Create an OpenClaw cron job that:
- Checks if
feed_slim.jsonexists and is from today - Reads
config/user_profile.mdandconfig/preferences.md - Reads
feed_slim.json(the scrape output) - Generates the daily brief following preferences.md format
- Sends the brief to the user via their configured channel
- Saves the brief to
memo/YYYY-MM-DD.md(used for cross-day dedup)
Tell the user:
"Setup complete! Your daily brief will be generated every morning. You'll receive it through your configured messaging channel."
Manual Setup Fallback
If automated setup fails, provide the user with these commands to run manually:
# 1. Clone
git clone https://github.com/zidooong/multi-source-feed.git && cd multi-source-feed
# 2. Install
python3 -m venv .venv && source .venv/bin/activate
pip install -r requirements.txt && playwright install chromium
# 3. Configure
cp .env.example .env
# Edit .env with your API keys
# 4. X Login
python login_save_session.py
# 5. Test
python -m src.pipeline
# 6. Schedule scraping
crontab -e
# Add: 0 9 * * * cd ~/multi-source-feed && .venv/bin/python3 -m src.pipeline >> /tmp/msf-scrape.log 2>&1
Customization
All user-customizable files are in config/:
| File | Purpose |
|---|---|
config/user_profile.md | Your interests, Key Players to track |
config/sources.yaml | Enable/disable sources, add RSS feeds |
config/preferences.md | Memo format, sections, filtering rules |
Adding a new RSS source
Add 4 lines to config/sources.yaml:
- name: my-blog
type: rss
enabled: true
url: https://example.com/feed.xml
tags: [blog]
X-Push (Optional)
If the user wants real-time X/Twitter highlights every 2 hours (in addition to the daily brief):
- Ask the user if they want to customize
push/preferences.md(filtering rules and output format) - Create an OpenClaw cron job (every 2 hours) with this prompt:
Execute these steps in order:
1. Run: bash ~/multi-source-feed/push/run.sh
(Wait for it to finish, usually 2-3 minutes)

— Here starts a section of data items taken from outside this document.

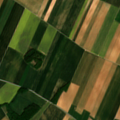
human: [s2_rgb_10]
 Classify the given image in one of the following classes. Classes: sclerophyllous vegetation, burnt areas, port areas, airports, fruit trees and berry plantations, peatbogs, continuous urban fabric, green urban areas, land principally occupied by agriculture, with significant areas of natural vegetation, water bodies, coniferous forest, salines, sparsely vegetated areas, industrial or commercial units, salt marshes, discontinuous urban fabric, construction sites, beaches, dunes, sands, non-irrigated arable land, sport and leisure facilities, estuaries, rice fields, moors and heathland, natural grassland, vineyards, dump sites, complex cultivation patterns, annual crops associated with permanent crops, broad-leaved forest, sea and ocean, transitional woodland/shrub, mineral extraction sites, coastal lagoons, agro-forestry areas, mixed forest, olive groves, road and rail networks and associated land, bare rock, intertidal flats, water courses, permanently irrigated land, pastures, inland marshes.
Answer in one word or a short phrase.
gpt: discontinuous urban fabric, non-irrigated arable land, land principally occupied by agriculture, with significant areas of natural vegetation
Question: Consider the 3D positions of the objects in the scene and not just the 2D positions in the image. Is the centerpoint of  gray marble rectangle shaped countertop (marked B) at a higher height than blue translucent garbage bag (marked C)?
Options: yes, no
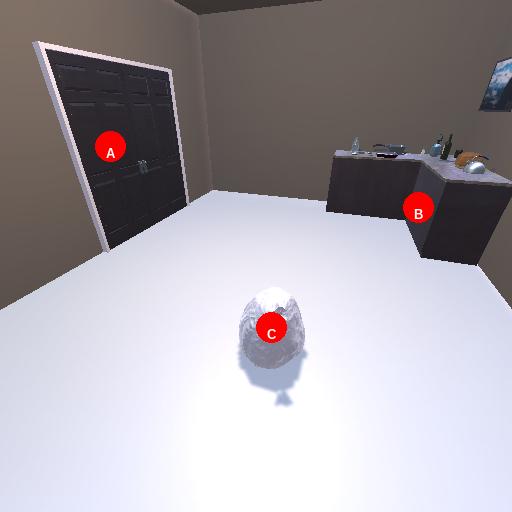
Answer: yes
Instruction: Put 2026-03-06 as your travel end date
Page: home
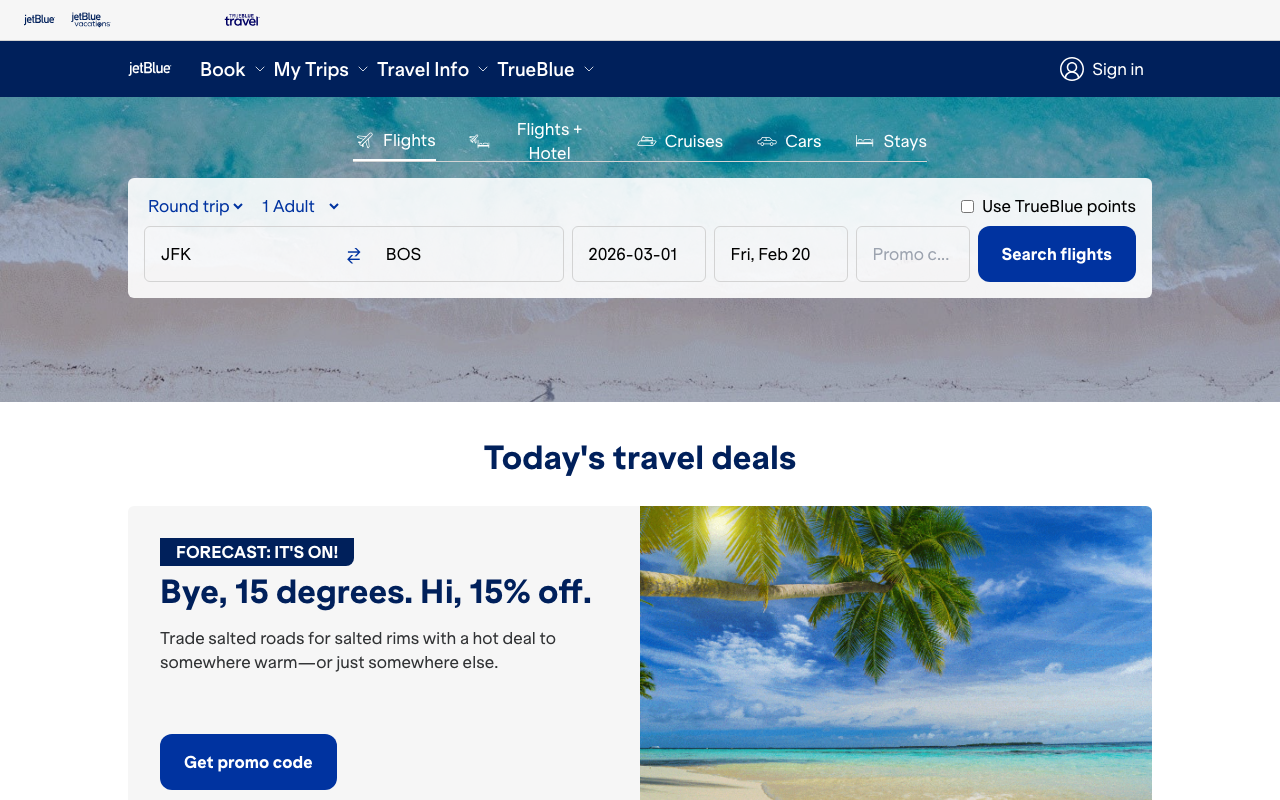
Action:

2. If exit code is non-zero, notify the user that X Push scraping failed, then stop.
3. Read push/new_posts.json. If the posts array is empty, stop silently.
4. Read push/preferences.md for filtering rules and output format.
5. Read config/user_profile.md to understand what the reader cares about.
6. Filter and send noteworthy posts following the format in push/preferences.md.
7. End.
The push module shares x_session.json and .venv with the main pipeline — no extra setup needed.